23 Eki 2011

Kırlangıçları hep çok sevdim.



Kırlangıçları hep çok sevdim.

Ayvalık'ta bir açık hava otelindeyim, resepsiyon da açıkta.

Resepsiyonun köşesinde bir kırlangıç yuvası var; üç yavru, kafalar dışarıda,gagalar açık.
Anne ve baba gidip gelip yiyecek getiriyorlar ve ayrı zamanlarda geldikleri için birbirlerini görmüyorlar.

AİLE BAĞLARI.

Anne birinci yavruya yem veriyor, birazdan baba gelip ikinciye, anne tekrar geldiğinde üçüncüye,baba gelip birinciye,inanılır gibi değil, sırayı hiç şaşırmadılar.

ADALET.

Akşama doğru sudan çıktım, baktım yuvaya siyah bir kedi yaklaşmış.
O ufacık ana baba canhıraş bir şekilde dalıp, çıkıp kediyi uzağa kadar kovaladılar.

CESARET.

Otel sahibi şunları anlattı:
Bahar başlarında göçten döndüklerinde yuvanın bulunduğu bölümün kapalı olduğunu görünce, resepsiyon görevlisinin kaldığı odaya girip çıkıp onu uyandırmışlar.

AKIL.

Sabah su içmek için fıskiyenin üzerinde dolaşıp çığlıklar atıyorlardı, ta ki fıskiye açılana kadar.

İLETİŞİM.

Yuvalarını öyle bir yaparlar ki yıllarca dayanır.

KALİTE.

Yazları sıcak ülkelere göç ederler.

YENİLİK.

Onların yaptığı yuva, diğer kuşların saman çöplerini üst üste koyarak yaptığı dingildik yuvalara hiç benzemez. 

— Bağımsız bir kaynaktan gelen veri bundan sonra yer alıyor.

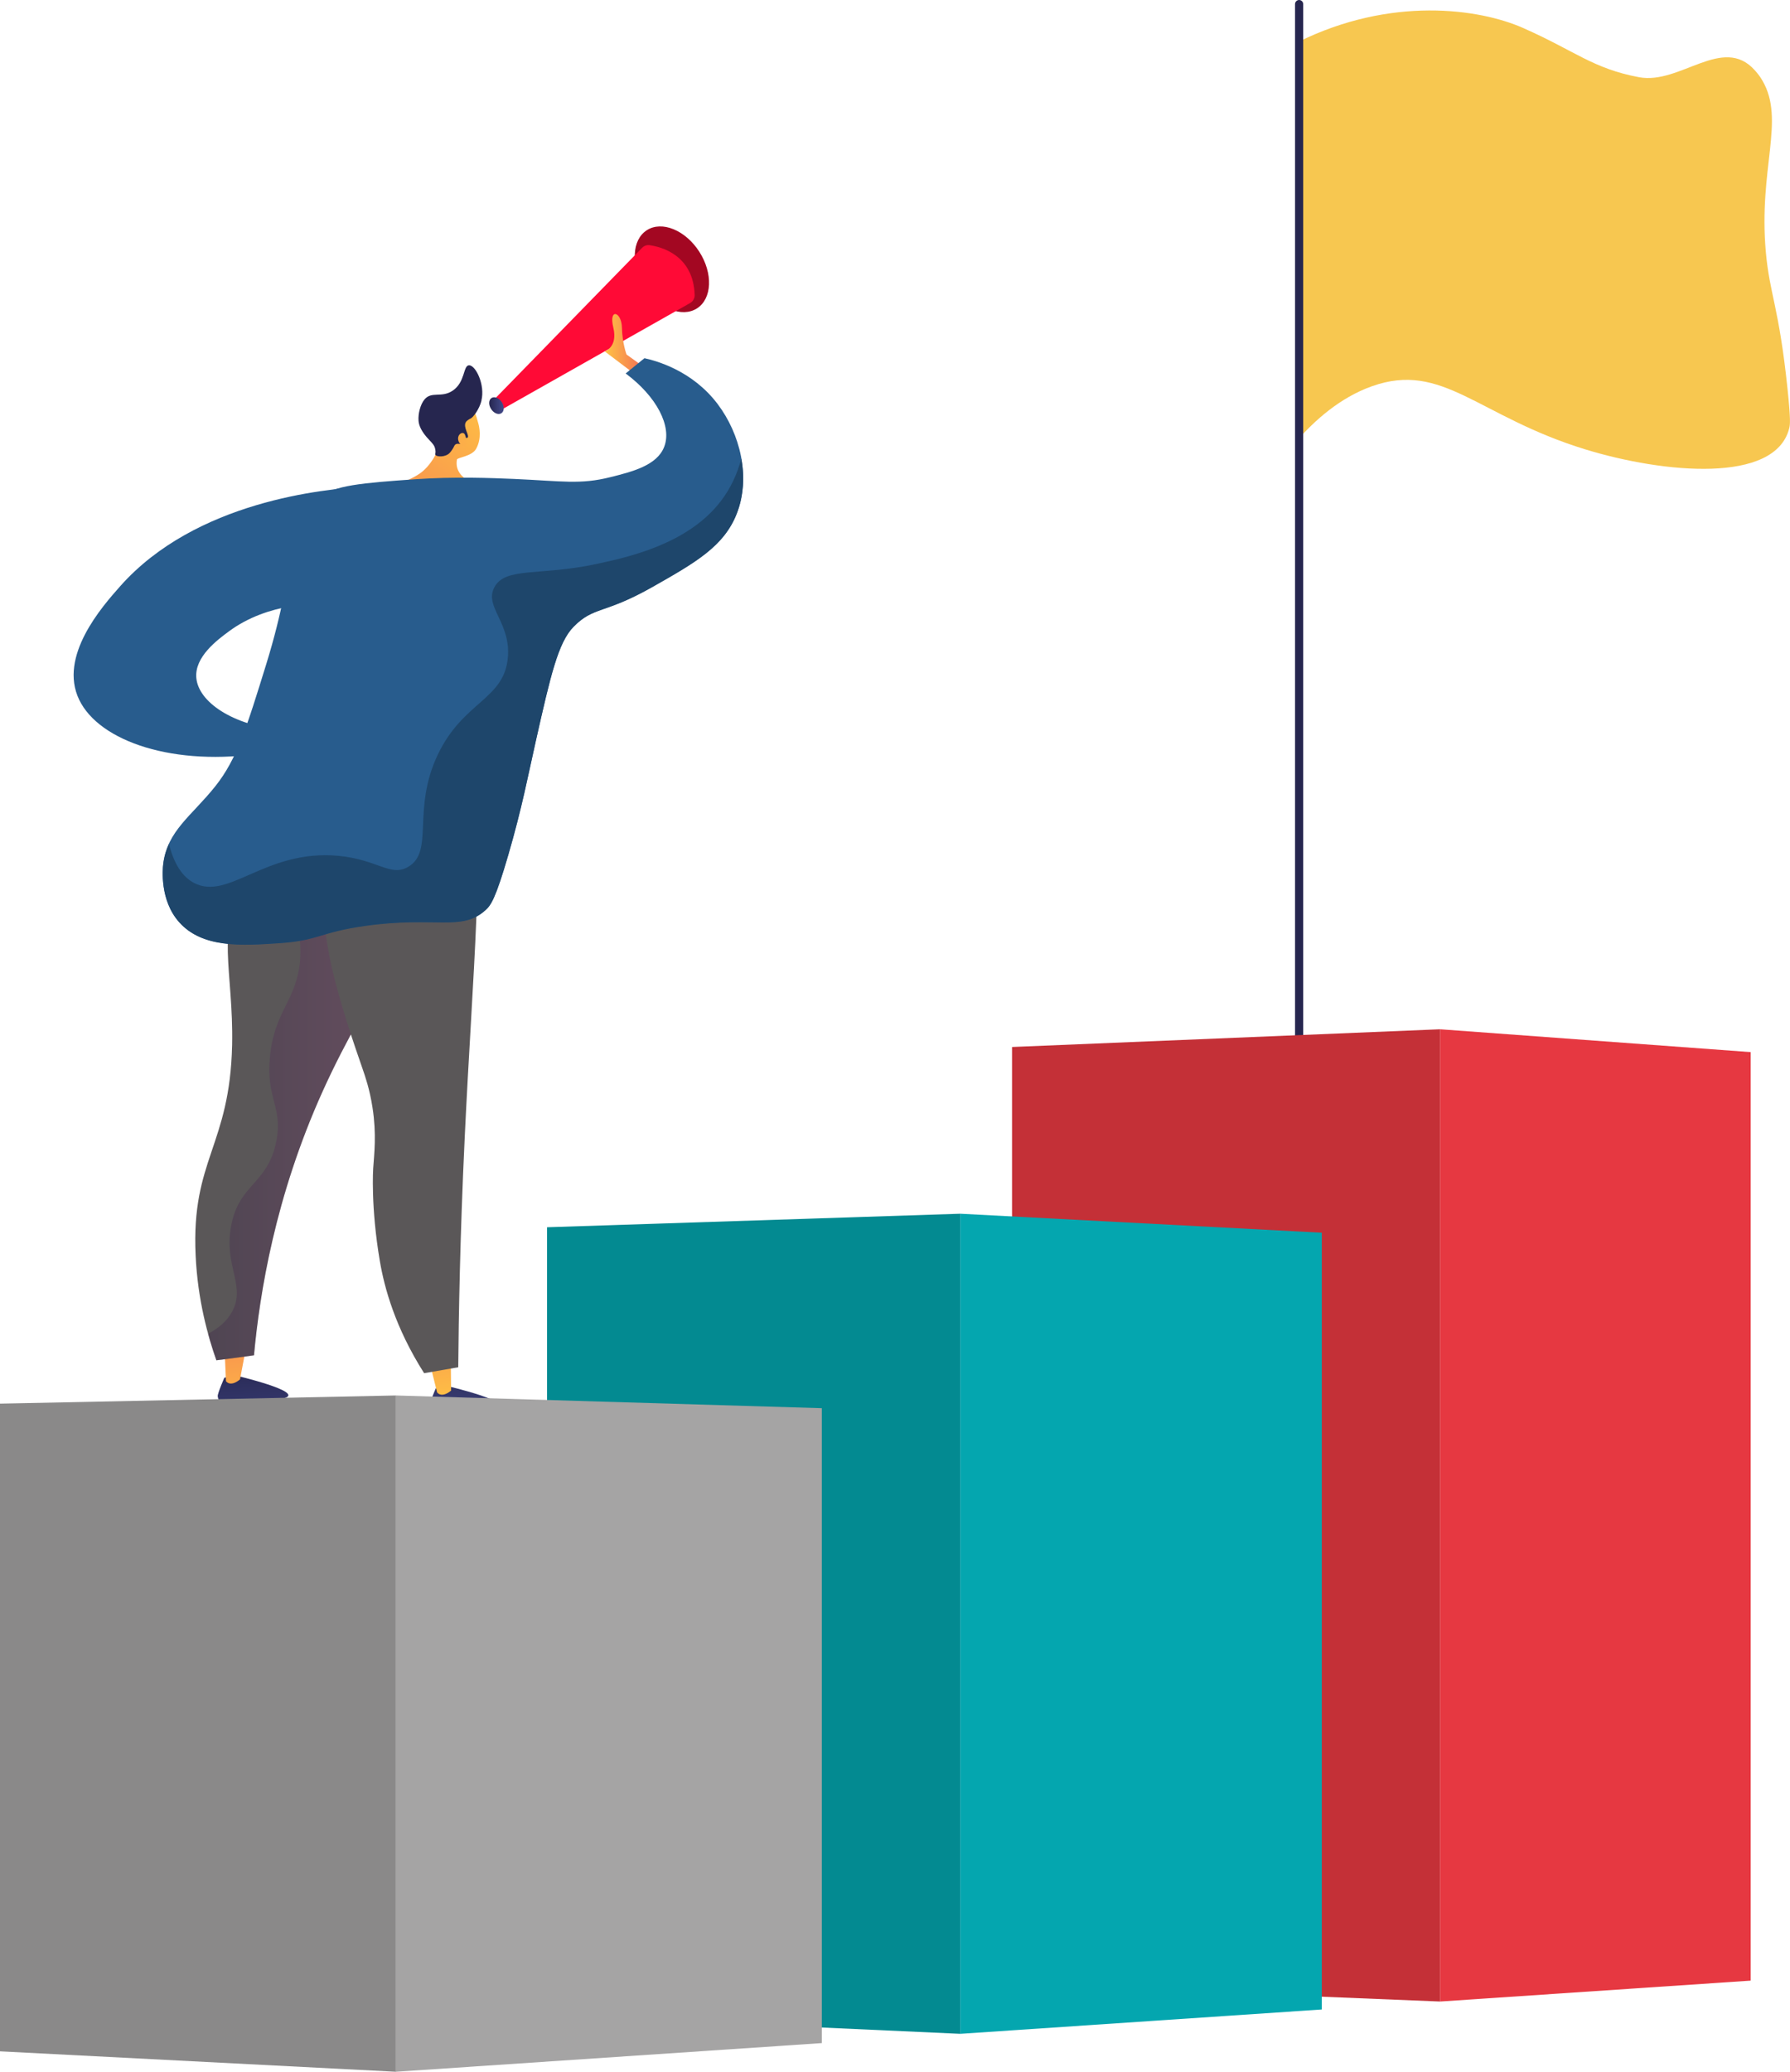 <?xml version="1.0" encoding="UTF-8"?><svg xmlns="http://www.w3.org/2000/svg" xmlns:xlink="http://www.w3.org/1999/xlink" viewBox="0 0 311.01 359.86"><defs><style>.cls-1{fill:url(#linear-gradient);}.cls-2{fill:#f7c750;}.cls-3{fill:#038a91;}.cls-4{fill:#e63841;}.cls-5{fill:#ff0a36;}.cls-6{fill:#8a8989;}.cls-7{fill:#a30722;}.cls-8{fill:#c43037;}.cls-9{fill:#a5a4a4;}.cls-10{fill:#1e466b;}.cls-11{fill:#04a6af;}.cls-12{fill:#285c8d;}.cls-13{fill:#26264f;}.cls-14{fill:#5a5758;}.cls-15{fill:url(#linear-gradient-3);mix-blend-mode:multiply;opacity:.3;}.cls-16{fill:url(#linear-gradient-8);}.cls-17{fill:url(#linear-gradient-9);}.cls-18{fill:url(#linear-gradient-4);}.cls-19{fill:url(#linear-gradient-2);}.cls-20{fill:url(#linear-gradient-6);}.cls-21{fill:url(#linear-gradient-7);}.cls-22{fill:url(#linear-gradient-5);}.cls-23{isolation:isolate;}</style><linearGradient id="linear-gradient" x1="43.58" y1="235.53" x2="44.65" y2="254.56" gradientUnits="userSpaceOnUse"><stop offset="0" stop-color="#26264f"/><stop offset="1" stop-color="#444b8c"/></linearGradient><linearGradient id="linear-gradient-2" x1="42.39" y1="249.01" x2="38.97" y2="221.21" gradientUnits="userSpaceOnUse"><stop offset="0" stop-color="#ffc444"/><stop offset="1" stop-color="#f36f56"/></linearGradient><linearGradient id="linear-gradient-3" x1="33.93" y1="191.5" x2="71.36" y2="191.5" gradientUnits="userSpaceOnUse"><stop offset="0" stop-color="#311944"/><stop offset="1" stop-color="#893976"/></linearGradient><linearGradient id="linear-gradient-4" x1="80.1" y1="233.35" x2="81.17" y2="252.39" xlink:href="#linear-gradient"/><linearGradient id="linear-gradient-5" x1="77.52" y1="244.69" x2="74.09" y2="216.88" xlink:href="#linear-gradient-2"/><linearGradient id="linear-gradient-6" x1="85" y1="70.45" x2="87.52" y2="70.45" xlink:href="#linear-gradient"/><linearGradient id="linear-gradient-7" x1="105.05" y1="59.55" x2="111.71" y2="59.55" xlink:href="#linear-gradient-2"/><linearGradient id="linear-gradient-8" x1="-26.97" y1="-97.5" x2="-.14" y2="-63.75" gradientTransform="translate(62.79 167.38) rotate(178.65) scale(1 -1)" xlink:href="#linear-gradient-2"/><linearGradient id="linear-gradient-9" x1="-25.52" y1="-97.87" x2="-2.3" y2="-68.66" gradientTransform="translate(62.79 167.38) rotate(178.65) scale(1 -1)" xlink:href="#linear-gradient-2"/></defs><g class="cls-23"><g id="Layer_2"><g id="monitor_1"><path class="cls-1" d="m38.98,239.31s-1.2,2.74-1.15,3.21c0,0,0,0,0,.01.09.94.83,1.65,1.7,1.6,2.54-.14,7.4-.51,9.93-1.29,3.53-1.1-8.59-3.94-8.59-3.94l-1.89.41Z"/><path class="cls-19" d="m39.06,235.25l.2,4.65s.71,1.12,2.44-.3l.94-4.94-3.57.6Z"/><path class="cls-14" d="m47.87,148.84c-2.82,1.56-4.52,3.68-5.19,4.6-5.39,7.37-2.08,15.37-2.35,28.05-.38,17.6-7.12,19.87-6.34,36.56.36,7.84,2.17,14.15,3.61,18.23,2.18-.29,4.35-.58,6.53-.87,1-10.81,3.67-27.53,11.9-45.79,8.6-19.09,18.34-28.89,14.46-36.29-3.21-6.12-14.8-8.8-22.62-4.48Z"/><path class="cls-15" d="m70.48,153.32c-3.21-6.12-14.8-8.8-22.62-4.48-.29.16-.56.33-.82.5,5.68,9.65,5.78,16.27,4.51,20.75-1.3,4.58-4.01,6.86-4.65,13.47-.71,7.36,2.26,8.61,1.12,14.6-1.43,7.53-6.48,7.38-7.86,14.76-1.32,7.01,2.63,10.39.16,14.92-.95,1.74-2.48,2.96-4.18,3.83.48,1.76.98,3.31,1.45,4.62,2.18-.29,4.35-.58,6.53-.87,1-10.81,3.67-27.53,11.9-45.79,8.6-19.09,18.34-28.89,14.46-36.29Z"/><path class="cls-18" d="m75.73,241.13s-1.2,2.74-1.15,3.21c0,0,0,0,0,.01.09.94.83,1.65,1.7,1.6,2.54-.14,7.4-.51,9.93-1.29,3.53-1.1-8.59-3.93-8.59-3.93l-1.89.41Z"/><path class="cls-22" d="m74.76,237.09l1.18,4.75s.71,1.12,2.44-.3l-.05-5.04-3.57.6Z"/><path class="cls-14" d="m58.29,151.6c-5.23,5.4,1.38,24.46,4.78,34.27.31.91,1.16,3.26,1.66,6.56.71,4.6.29,7.95.11,10.54,0,0-.45,6.65,1.16,16.09.78,4.58,2.64,11.51,7.69,19.46,1.98-.34,3.96-.69,5.93-1.03.07-8.57.3-22.54,1.12-39.84,1.34-28.28,3.74-54.09.8-54.67-.97-.19-1.2,2.61-4.17,5.17-6.82,5.88-15.09-.67-19.09,3.45Z"/><path class="cls-12" d="m63.23,84.54c-6.73.4-29.21,2.45-42.37,17.31-3.11,3.51-10.75,12.14-7.1,19.7,3.52,7.29,16.59,11.68,32.09,9.24,1.04-1.32,2.09-2.64,3.13-3.96-8.57-.87-14.5-4.89-14.87-9.08-.33-3.66,3.67-6.61,5.67-8.09,6.83-5.04,15.44-4.94,18.39-4.79,1.68-6.78,3.36-13.57,5.04-20.35Z"/><path class="cls-7" d="m121.5,43.72c2.41,3.75,2.23,8.15-.39,9.84-2.62,1.69-6.71.02-9.12-3.73-2.41-3.75-2.23-8.15.39-9.84,2.62-1.69,6.71-.02,9.12,3.73Z"/><path class="cls-5" d="m85.42,69.84l26.15-26.8c.34-.35.82-.52,1.31-.45,2.09.3,7.58,1.75,7.82,8.64.02.57-.28,1.11-.78,1.4l-32.87,18.58-1.63-1.37Z"/><path class="cls-20" d="m87.19,69.86c.47.73.44,1.59-.08,1.92-.51.33-1.31,0-1.78-.73-.47-.73-.44-1.59.08-1.92.51-.33,1.31,0,1.78.73Z"/><path class="cls-21" d="m109.73,64.56l-4.67-3.53s2.33-.69,1.5-4.14c-.83-3.45,1.43-2.78,1.5,0,.07,2.78.8,4.69.8,4.69l2.85,2.05-1.98.92Z"/><path class="cls-16" d="m82.73,77.95c1.03-1.85.51-3.92.39-4.36-.5-1.87-.67-2.15-1.03-2.54l-.51-.51s-.03-.02-.06-.04c-.35-.23-1.64-.58-1.92-.59-.89-.02-2.61,3.19-3.53,8.1-.08.18-.16.36-.24.54-.14.33-.25.58-.25.6-.16.39-1.09,1.83-2.11,2.69-2.34,2-7.74,3.19-7.7,4.06.04.82,4.78,1.38,9.46,1.27,3.31-.07,8.94-.53,9.04-1.7.1-1.17-5.54-1.71-4.88-5.64.07-.39,2.57-.52,3.34-1.88Z"/><path class="cls-13" d="m83.66,69.58c-.37,1.5-1.46,2.94-1.89,3.11-.05.02-.37.17-.69.46-.04.04-.09.09-.13.16-.56.87.68,2.35.29,2.7-.29.26-1.21-.4-1.4-.17-.18.22.55.95.35,1.21-.15.2-.63-.13-1.04.14-.21.13-.19.28-.49.77-.17.27-.39.57-.54.72-.73.76-2.28.72-2.48.3-.06-.12.03-.18.03-.53,0,0,0-.32-.13-.73-.18-.58-.83-1.12-1.44-1.83-1.13-1.32-1.3-2.25-1.35-2.56-.02-.11-.02-.19-.03-.25-.09-1.19.3-2.82,1.04-3.7,1.24-1.47,2.93-.22,4.87-1.51,2.24-1.49,1.81-4.36,2.85-4.42,1.14-.06,2.85,3.37,2.16,6.14Z"/><path class="cls-17" d="m80.79,75.52c-.25-.6-1.01-.28-1.17.38-.16.65.31,1.49.95,1.51.65.02.55-1.08.22-1.89Z"/><path class="cls-12" d="m55.3,86.4c2.9-2.11,7.52-2.5,16.76-3.15,6.94-.49,13.38-.22,17.25-.06,8.39.37,11.47,1.02,16.79-.32,3.75-.94,8.05-2.02,9.3-5.25,1.38-3.54-1.28-8.73-6.69-12.75,1.09-.88,2.18-1.77,3.26-2.65,1.98.44,8.3,2.09,12.74,7.99,3.86,5.12,5.78,12.59,3.3,18.96-2.22,5.71-7.19,8.53-14.68,12.77-8.38,4.75-10.17,3.31-13.69,6.91-2.66,2.72-3.98,8.42-6.52,19.7-1.43,6.36-2.42,11.7-4.79,19.85-2.26,7.79-3.07,8.83-3.95,9.63-4.19,3.83-8.67,1.01-21.07,2.78-7.91,1.13-7.85,2.53-14.86,2.99-6.48.43-13.29.88-17.32-3.64-3.41-3.82-2.87-9.28-2.78-10.05.7-5.83,4.95-8.37,9.09-13.58,3.72-4.68,5.42-10.18,8.82-21.17,5.83-18.84,3.14-24.7,9.04-28.98Z"/><path class="cls-10" d="m128.81,79.65c-.68,2.55-1.8,5.09-3.57,7.4-5.76,7.51-16.17,9.74-21.6,10.91-9.86,2.12-15.86.46-17.75,4.06-1.78,3.39,2.88,6.1,2.35,12.19-.64,7.34-7.77,7.58-12.19,16.9-4.54,9.57-.56,16.8-5.13,19.46-3.09,1.8-5.28-1.29-12.19-1.92-12.6-1.15-19.04,7.87-25.02,4.71-1.51-.8-3.29-2.53-4.35-6.76-.49,1.06-.84,2.21-1,3.55-.09.78-.63,6.23,2.78,10.05,4.03,4.52,10.84,4.07,17.32,3.64,7.02-.47,6.95-1.86,14.86-2.99,12.39-1.77,16.88,1.05,21.07-2.78.87-.8,1.69-1.84,3.95-9.63,2.37-8.15,3.36-13.49,4.79-19.85,2.54-11.28,3.86-16.98,6.52-19.7,3.52-3.59,5.3-2.15,13.69-6.91,7.48-4.24,12.45-7.06,14.68-12.77,1.19-3.05,1.36-6.36.79-9.54Z"/><path class="cls-2" d="m225.51,7.31c16.11-7.99,31.48-5.84,39.15-2.44,9.07,4.01,12.08,7.03,20.11,8.54,7.14,1.35,14.55-7.41,20.11-1.22.37.42.84.94,1.35,1.83,3.99,6.89-.72,15.21.58,29.74.67,7.44,2.28,9.5,3.77,23.79.57,5.44.45,6.24.29,6.86-2.44,9.64-21.77,7.82-35.38,3.66-18.76-5.74-24.8-15.36-37.12-10.98-5.68,2.02-10,6.06-12.76,9.15,1.26-22.88-1.35-46.06-.1-68.94Z"/><path class="cls-13" d="m225.72,189.02c-.39,0-.71-.32-.71-.71V.71c0-.39.32-.71.71-.71s.71.32.71.71v187.61c0,.39-.32.71-.71.71Z"/><polygon class="cls-8" points="250.21 347.66 175.84 344.63 175.84 181.86 250.21 178.78 250.21 347.66"/><polygon class="cls-4" points="304.18 344.03 250.21 347.66 250.21 178.78 304.18 182.75 304.18 344.03"/><polygon class="cls-3" points="166.85 353.27 95.05 350 95.05 213.17 166.85 210.82 166.85 353.27"/><polygon class="cls-11" points="229.66 349.04 166.85 353.27 166.85 210.82 229.66 214.12 229.66 349.04"/><polygon class="cls-6" points="68.78 359.86 0 356.31 0 243.81 68.78 242.39 68.78 359.86"/><polygon class="cls-9" points="142.79 354.88 68.78 359.86 68.78 242.39 142.79 244.6 142.79 354.88"/></g></g></g></svg>

Benzer bir yuva yapabilen başka bir kuş yoktur.

FARKLILIK.

Hiç kırlangıçları bir yerde pineklerken hatırlıyor musunuz? Devamlı uçarlar.

ÇALIŞKANLIK.

İnanılmaz hızlıdırlar, su zerresini havada yakalarlar.

HIZ.

Binlerce mil uzaktan hep aynı yuvaya dönerler.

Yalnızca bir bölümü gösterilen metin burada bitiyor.